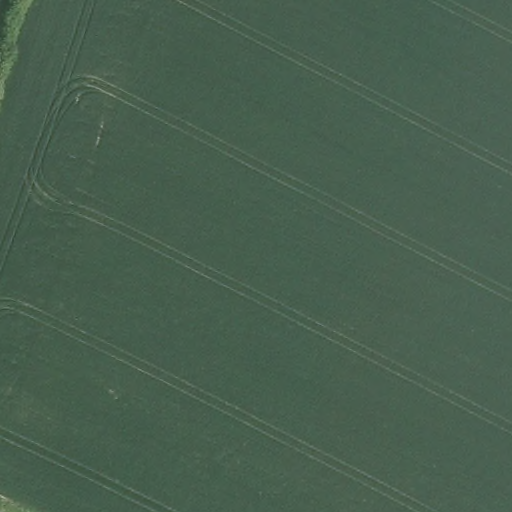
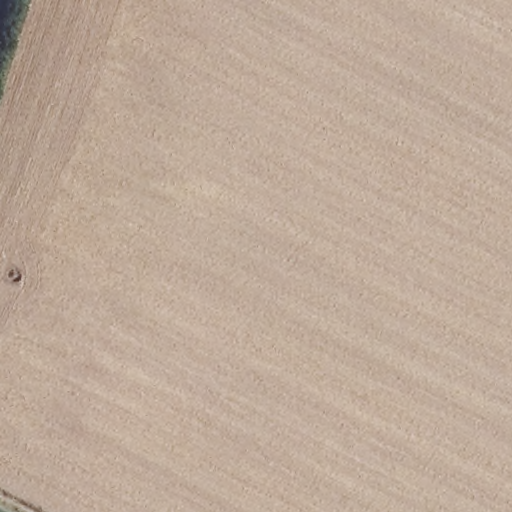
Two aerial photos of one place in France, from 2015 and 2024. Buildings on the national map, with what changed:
[]

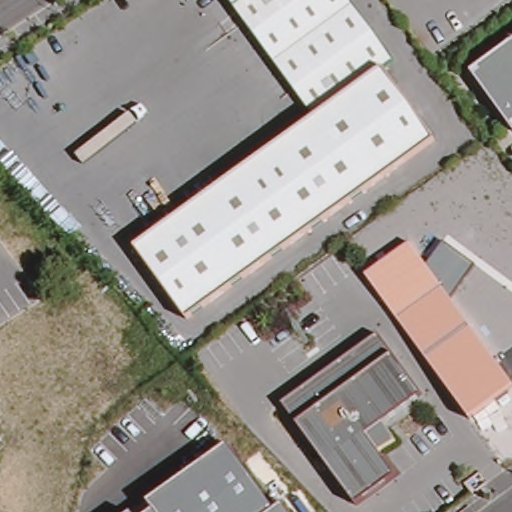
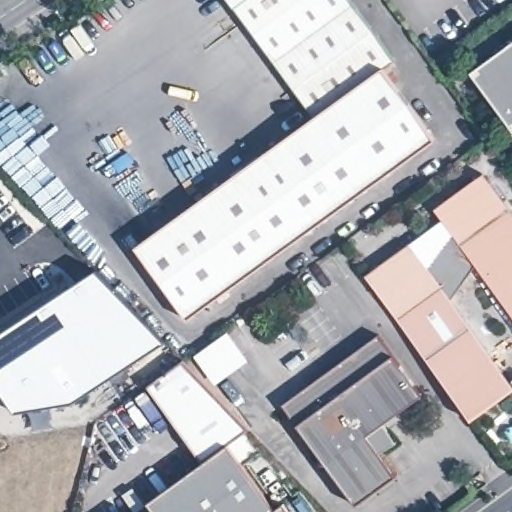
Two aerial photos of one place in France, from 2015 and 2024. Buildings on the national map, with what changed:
unchanged [(396,63),(385,71),(435,141),(188,318),(135,246),(314,117),(228,0),(350,0),(396,63)]
unchanged [(512,43),(512,128),(511,129),(472,72),(512,43)]
new [(512,211),(512,314),(476,264),(444,242),(450,230),(434,208),(485,172),(508,205),(512,211)]
unchanged [(367,277),(411,243),(427,266),(444,242),(476,264),(452,300),(512,384),(512,390),(471,421),(398,320),(367,277)]
new [(32,429),(29,409),(13,412),(0,391),(0,332),(97,268),(152,327),(162,342),(74,400),(49,406),(50,427),(32,429)]
new [(228,330),(249,360),(215,385),(193,355),(228,330)]
unchanged [(298,423),(282,404),(377,336),(391,356),(419,396),(382,422),(396,443),(379,454),(396,479),(354,505),(298,423)]
new [(183,361),(250,430),(229,446),(203,464),(148,386),(183,361)]
unchanged [(229,446),(276,511),(284,505),(289,512),(155,512),(148,503),(229,446)]

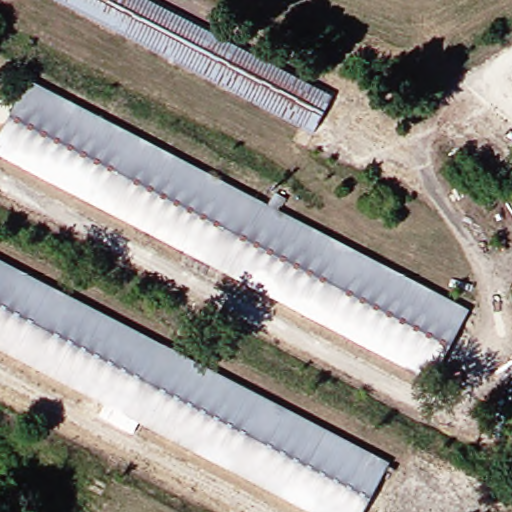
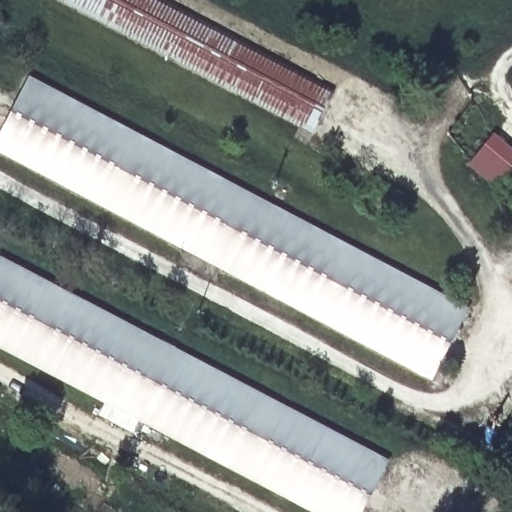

Task description
Would you set down the listing exactly, omitting pictures?

Worked solution
Two aerial photos of one place in France, from 2015 and 2024. Buildings on the national map, with what changed:
[]

Two aerial photos of one place in France, from 2015 and 2024. Buildings on the national map, with what changed:
unchanged [(396,63),(385,71),(435,141),(188,318),(135,246),(314,117),(228,0),(350,0),(396,63)]
unchanged [(512,43),(512,128),(511,129),(472,72),(512,43)]
new [(512,211),(512,314),(476,264),(444,242),(450,230),(434,208),(485,172),(508,205),(512,211)]
unchanged [(367,277),(411,243),(427,266),(444,242),(476,264),(452,300),(512,384),(512,390),(471,421),(398,320),(367,277)]
new [(32,429),(29,409),(13,412),(0,391),(0,332),(97,268),(152,327),(162,342),(74,400),(49,406),(50,427),(32,429)]
new [(228,330),(249,360),(215,385),(193,355),(228,330)]
unchanged [(298,423),(282,404),(377,336),(391,356),(419,396),(382,422),(396,443),(379,454),(396,479),(354,505),(298,423)]
new [(183,361),(250,430),(229,446),(203,464),(148,386),(183,361)]
unchanged [(229,446),(276,511),(284,505),(289,512),(155,512),(148,503),(229,446)]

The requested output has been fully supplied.